§ Problem statement: Copy, from the data below, every line that has "wide" in it.

[Opening Data records section]

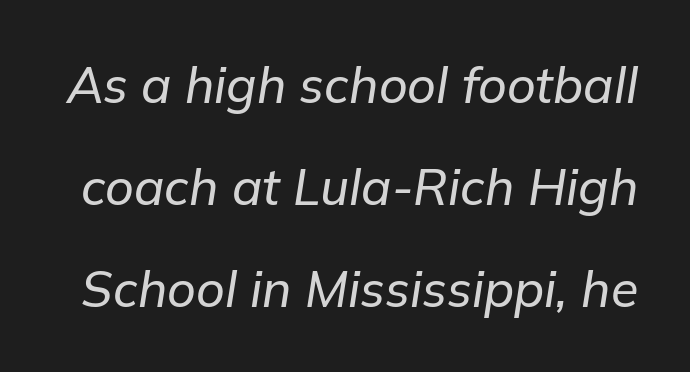
Q: Is the text italic (slanted)? A: Yes, it leans right by about 9 degrees.
Q: Is the text underlined? A: No.
Q: Is the spacing between letters normal or unusually wide? A: Normal.
Q: Is the spacing between lines tight, normal or loose? A: Loose.
Q: Width (condensed, normal, or wide)? A: Normal.
Q: Stroke contrast? A: Low.
Q: x-height? A: Medium.
Q: Monospaced? A: No.

[Closing Data records section]

§ Output of the exercise:
Q: Is the spacing between letters normal or unusually wide? A: Normal.
Q: Width (condensed, normal, or wide)? A: Normal.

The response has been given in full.